Quais frutos esse período de isolamento social está trazendo para sua vida espiritual, autoconhecimento e amadurecimento pessoal? Atualmente essa pergunta tem sido muito comum. Por nos ter tirado do lugar de costume, temos a tendência de julgar essa experiência apenas como negativa, não estávamos acostumados a passar tanto tempo apenas em nossa companhia.

Podemos comparar este período como um tempo de deserto, pois, apenas consideramos este tempo como de solidão e árido, porém é necessário ressignificar e olhar além. Se fizermos uma análise à luz do Santo Espírito, podemos buscar na Sagrada Escritura consolo e nos aprofundarmos na riqueza do tempo de deserto, Jesus se retirava todas as vezes que necessitava entrar em profunda oração e ter um, contato
maior com Deus. Ele usava ainda este tempo para se preparar para as missões mais desafiadoras. Antes de sua Paixão, Ele se retirou ao deserto para se esvaziar e entrar em contato mais íntimo com Deus, o Pai nos fala no silêncio e com mansidão.
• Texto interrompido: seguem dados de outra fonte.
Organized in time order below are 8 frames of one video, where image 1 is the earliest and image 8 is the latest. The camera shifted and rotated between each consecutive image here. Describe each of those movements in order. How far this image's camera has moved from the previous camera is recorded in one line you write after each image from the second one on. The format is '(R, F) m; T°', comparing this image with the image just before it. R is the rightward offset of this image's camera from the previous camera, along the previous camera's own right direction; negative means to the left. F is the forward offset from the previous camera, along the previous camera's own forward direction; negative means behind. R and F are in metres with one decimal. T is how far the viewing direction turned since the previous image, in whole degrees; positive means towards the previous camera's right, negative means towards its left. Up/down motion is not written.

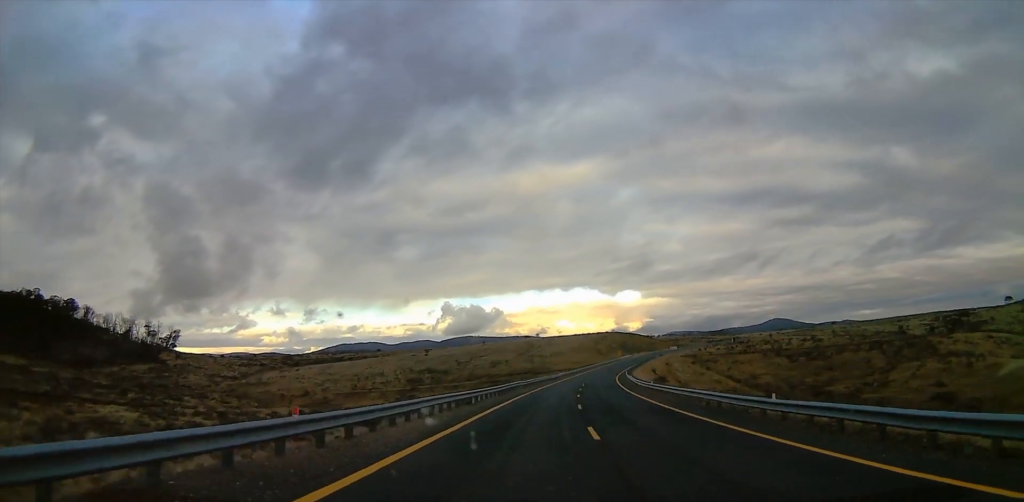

Voltando a nossa realidade imperativa de isolamento social motivado pelo corona vírus, fomos forçados a entrarmos em íntimo contato com nossa individualidade, cada um pôde decidir permanecer na superficialidade, se limitando a acompanhar as redes sociais, lives e notícias do mundo. Mas, tivemos a oportunidade também de escolher mergulhar com profundidade na nossa história para fazermos uma releitura dos acontecimentos da vida. Utilizando um olhar diferente, agregando o que nos foi oferecido a longo dos anos para revisitarmos nossos valores e tirarmos novos aprendizados de acontecimentos passados.

Foi possível também caminharmos por estradas não acessadas, porque até então não tínhamos as ferramentas corretas para adentrarmos estes espaços e assim desvelarmos o que até então nos era oculto. E só podemos adquirir estas novas ferramentas com a ajuda de Deus, sozinhos, jamais iremos conseguir. Quem fez este caminho de mergulhar na vida e refletir, passando a limpo tudo vivido até hoje desfrutou
de uma caminhada deliciosa, porém dolorosa.

O autoconhecimento e amadurecimento é um processo intenso, o qual gera incômodo, nos tira da zona de conforto, nos coloca diante de um espelho sem máscaras, esta ausência de subterfúgios nos conecta com nosso verdadeiro eu, desde o que há de mais belo em nós, até o que há de mais vil e vulnerável. Admitir a pequenez da nossa humanidade, nossas fraquezas e misérias é desconfortável e é exatamente por isso, que ao longo da vida vamos adotando as máscaras que nos protegem de nós mesmo. Mas, apenas sem anteparos podemos visualizar o que precisa de conserto, o que precisa ser expurgado e o que precisa ser ressiginificado. Diante de tanta intensidade precisamos decidir que este olhar para trás, este movimento de selecionar na nossa bagagem da vida apenas o que é necessário e de ter coragem de jogar fora o peso desnecessário, não seja uma experiência que aprisione na lamentação dos erros e escolhas erradas. É preciso decidir que os acontecimentos que ficaram para trás é apenas o local de onde partirmos e para onde não devemos voltar.

Quando nos vemos como realmente somos e admitimos nossa infinidade de defeitos, temos a chance de olhar o outro com mais empatia, temos a oportunidade de entender sem julgar, de acolher sem restrição e de pegar na mão e ajudar a levantar ou ainda a permanecer caminhando. Passamos a entender que não há nenhum defeito no outro que não possa existir também em nós. Então, o isolamento social não deve nos aprisionar em nós, mas deve servir de mola propulsora para irmos de encontro ao outro e de reconciliação com as pessoas que passaram na nossa história, sem necessidade de que esta reconciliação seja pública, mas que aconteça na nossa intimidade e traga paz para o nosso coração.

Respondendo à pergunta lá do comecinho, eu viajei por cada pedacinho da minha história, revisitei vários lugares, adentrei museus de acontecimentos não visitados antes, porque não tinha a chave para abrir estas portas. Aproveitei para me colocar no colo e cuidar de mim, esvaziei as malas que não cabiam mais serem carregadas. Fui guardando cada experiência no armário correto, enxerguei que um tanto de coisa não vale a pena ser carregado. Aprendi a não mais me culpar por ter escolhido caminhos que me fizeram sofrer. Recolhi todas as lágrimas já derramadas e reguei o jardim da minha vida. Entendi que não podemos ter um jardim eternamente só com flores, que as ervas que crescem, servem para serem colhidas e transformadas em adubo para fomentar o crescimento das flores e frutos. Foi um período paradoxal, pois na estação mais seca, cresceram as mais belas flores e colhi os frutos mais doces.